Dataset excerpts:
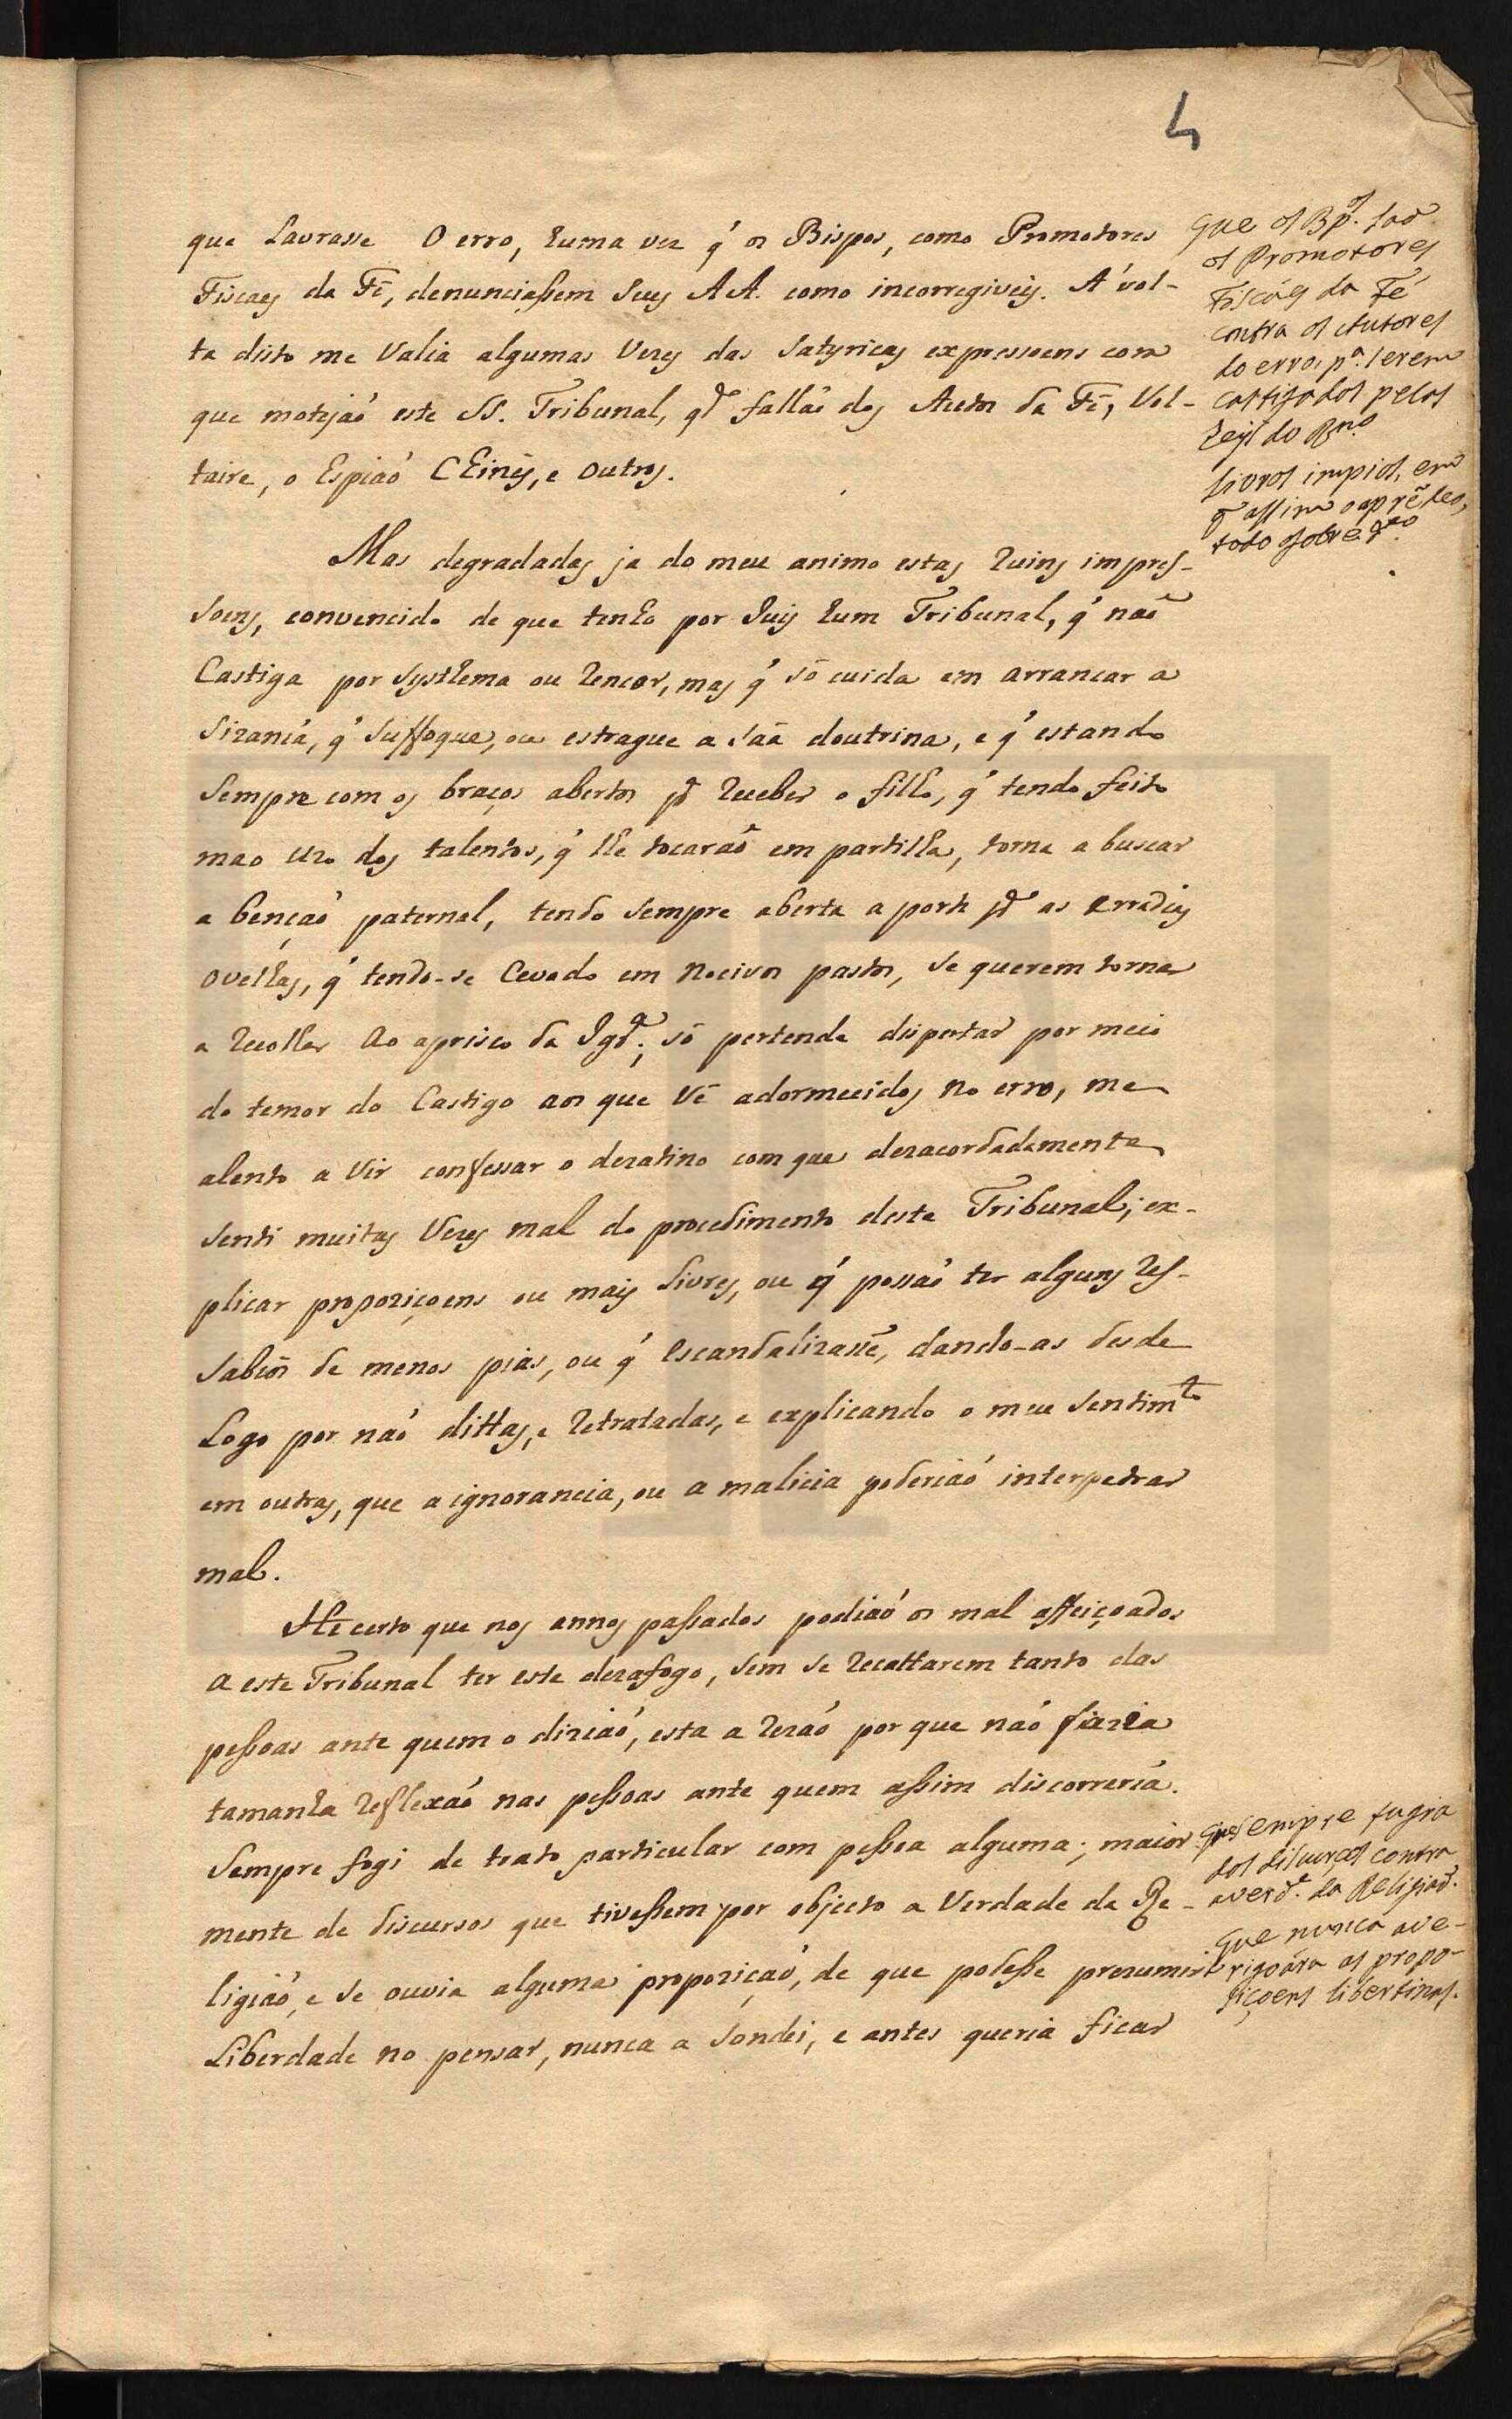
que os Bp.os saõ
que Lavrasse O erro, huma vez q̄ os Bispos, como Promotores
os Promotores
Fiscaes da Fé, denunciassem seus AA. como incorregiveis. Á vol
Fiscáes da Fé
contra os Autores
ta disto me valia algumas vezes das satyricas expressoens com
do erro, p.a serem
castigados pelas
que motejaõ este SS. Tribunal, qd.o fallaõ dos Autos da Fé, Vol
Leys do Rn.o
Livros impios, em
taire, o Espiaõ chines, e outros.
q̄ assim o aprēdeo,
todo o sobred.to
Mas degradadas ja do meu animo estas Ruins impres
soens, convencido de que tenho por Iuis hum Tribunal, q̄ naõ
Castiga por Systhema ou Rencor, mas q̄ só cuida em arrancar a
sizania, q̄ suffoque, ou estrague a saã doutrina, e q̄ estando
Sempre com os braços abertos pa Receber o filho, q̄ tendo feito
mao uzo dos talentos, q̄ lhe tocaraõ em partilha, torna a buscar
a bençaõ paternal, tendo sempre aberta a porta p.a as erradias
ovelhas, q̄ tendo-se cevado em nocivos pastos, se querem tornar
a Recolher ao aprisco da Igr.a; só pertende dispertar por meio
do temor do Castigo aos que vē adormecidos no erro, me
alento a vir confessar o dezatino com que dezacordadamente
senti muitas Vezes mal do procedimento deste Tribunal, ex
plicar propoziçoens ou mais Livres, ou q̄ possaõ ter alguns Res
sabios de menos pias, ou q̄ escandalizassē, dando-as desde
Logo por naõ dittas, e Retratadas, e explicando o meu Sentim.to
em outras, que a ignorancia, ou a malicia poderiaõ interpetrar
mal.
He certo que nos annos passados podiaõ os mal affeiçoados
a este Tribunal ter este dezafogo, sem se Recattarem tanto das
pessoas ante quem o diziaõ, esta a Rezaõ por que naõ fazia
tamanha Reflexaõ nas pessoas ante quem assim discorreria.
Que sempre fugia
Sempre fogi de trato particular com pessoa alguma; maior
dos discurços contra
a verd.e da Religiaõ
mente de discursos que tivessem por objecto a Verdade da Re
que nunca ave
Ligiaõ, e se ouvia alguma propoziçaõ, de que podesse prezumir
rigoára as propo
siçoens libertinas.
Liberdade no pensar, nunca a sondei, e antes queria ficar
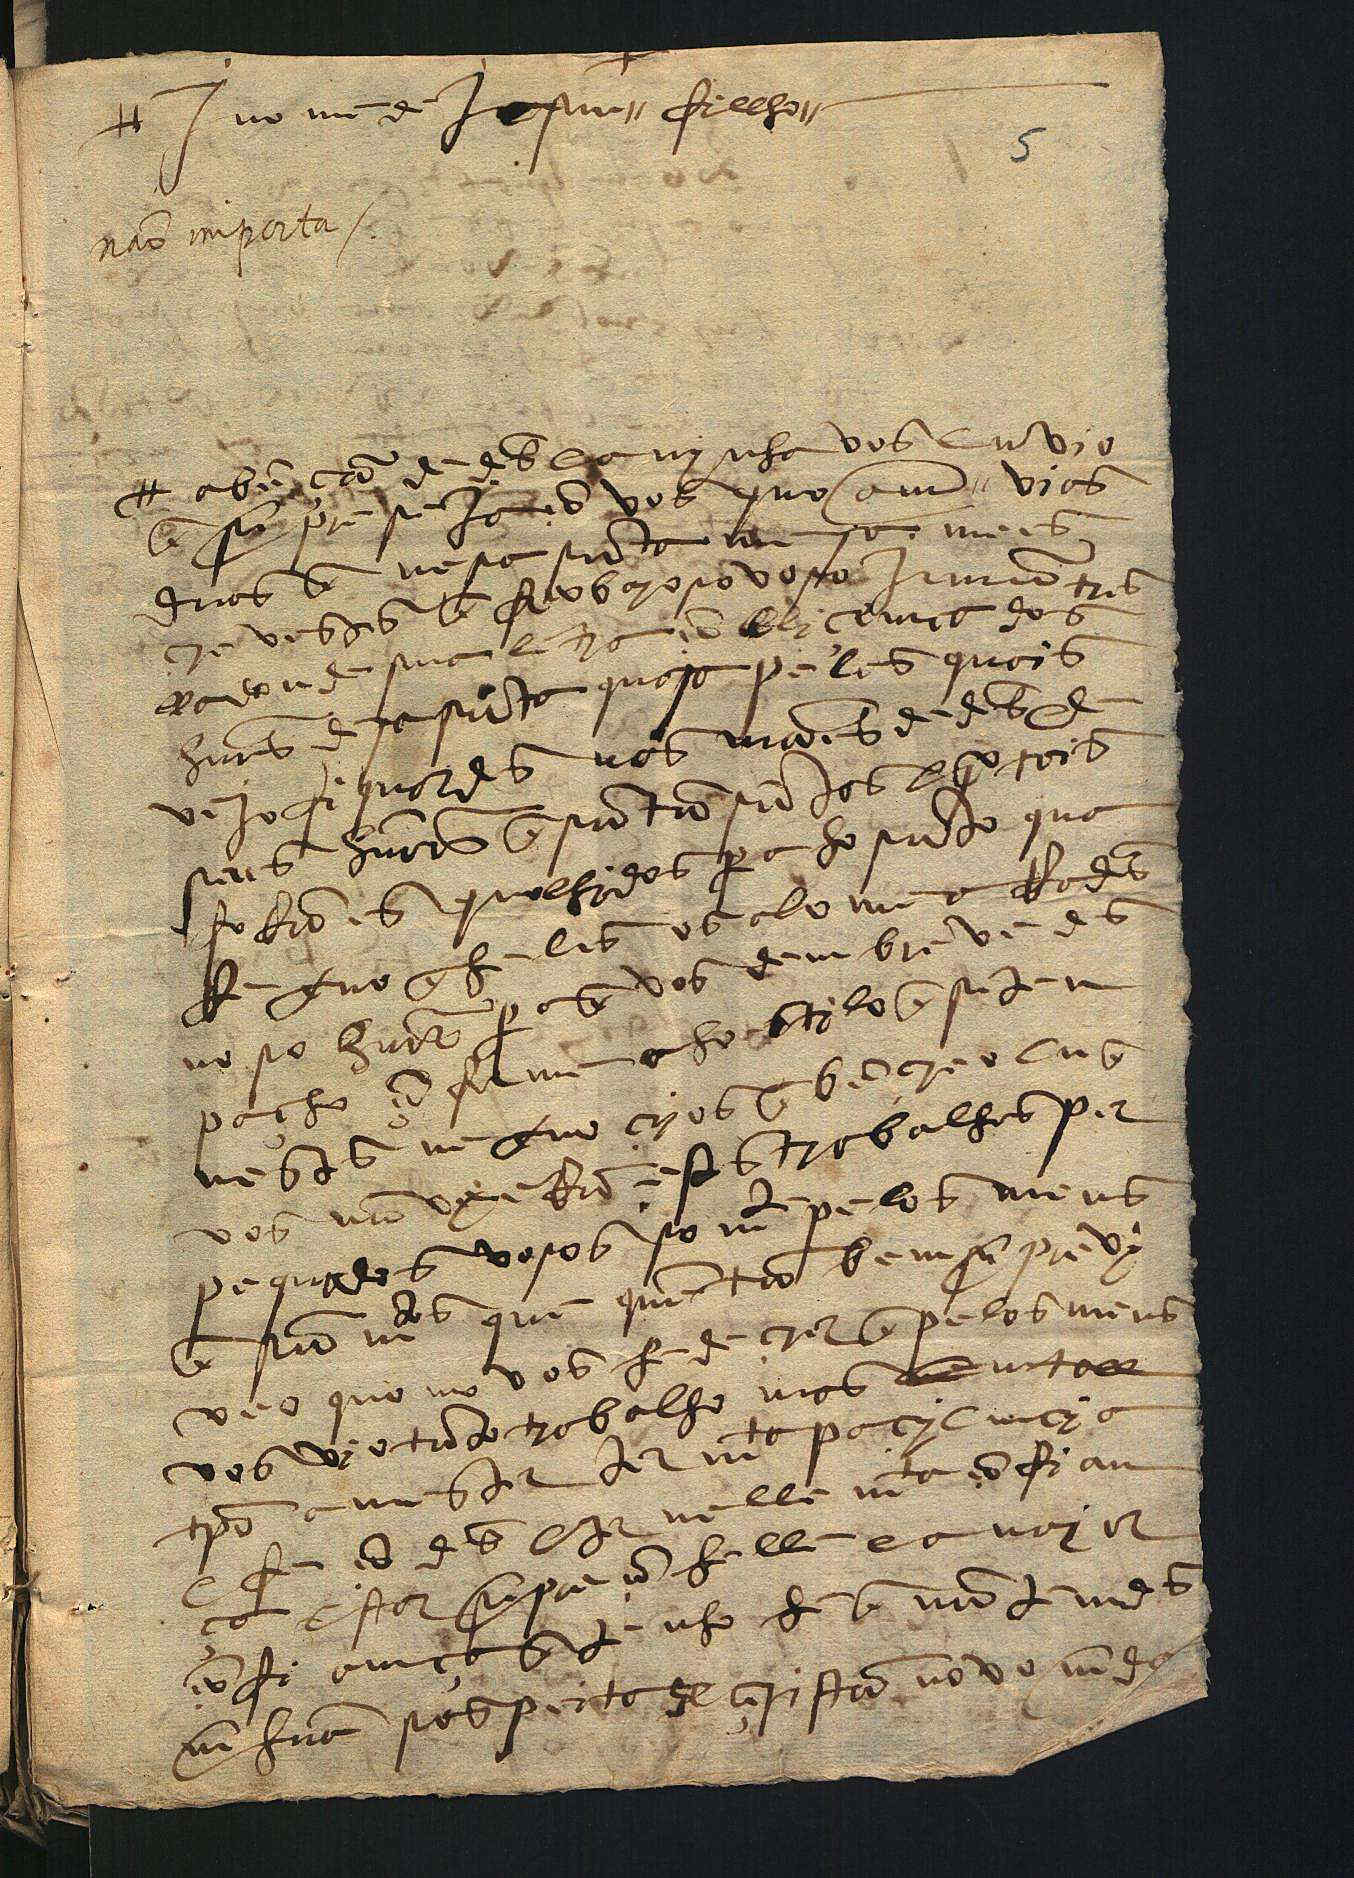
item Jnome de Jesuu // fillho //
não importa /.
item a bēça de dēs e a mjnha vos envio
q̄ sēpre seJa cōvosquo am̄ // vi as
duas q̄ nesa sāta mesa me es
crevestes q̄ frco baroso voso Jrmaõ tres
lladou de sua letra cō lljcemça dos
Snr̄s desa sāta quasa pelas quais
vejo fiquardes nas mans de des̄ e de
seus Snōrs q̄ sā tā sātos e p̄o tais
foRā esquolhjdos ꝑa ho sāto qua
Reguo q̄ heles os alomeaRa des̄
noso Senōr ꝑa q̄ vos dem breve des
pacho cōforme aho estilo q̄ se tem
nestes neguocyos q̄ bē creo eu q̄
vos nā vexeRā estes trabalhos per
pequados vosos somte pelos meus
q̄ sā mtos que quē tābem sēpre vy
veo quomo vos he de crer q̄ pelos meus
vos vio tāto trabalho mas em tall
tpō a mester ter mta pacyemcya
e fe ē des̄ e ter nelle mta cōfian
ça e star sēpre cō helle e a mayor
cōfiamça q̄ tenho he q̄ nā temdes
nēhuā sospeita de cristão novo nē da

YOUR OBJECTIVE - From the data above, state how many lines contain the string "tendo", offering no other words.

OUTPUT OF THE TASK - 3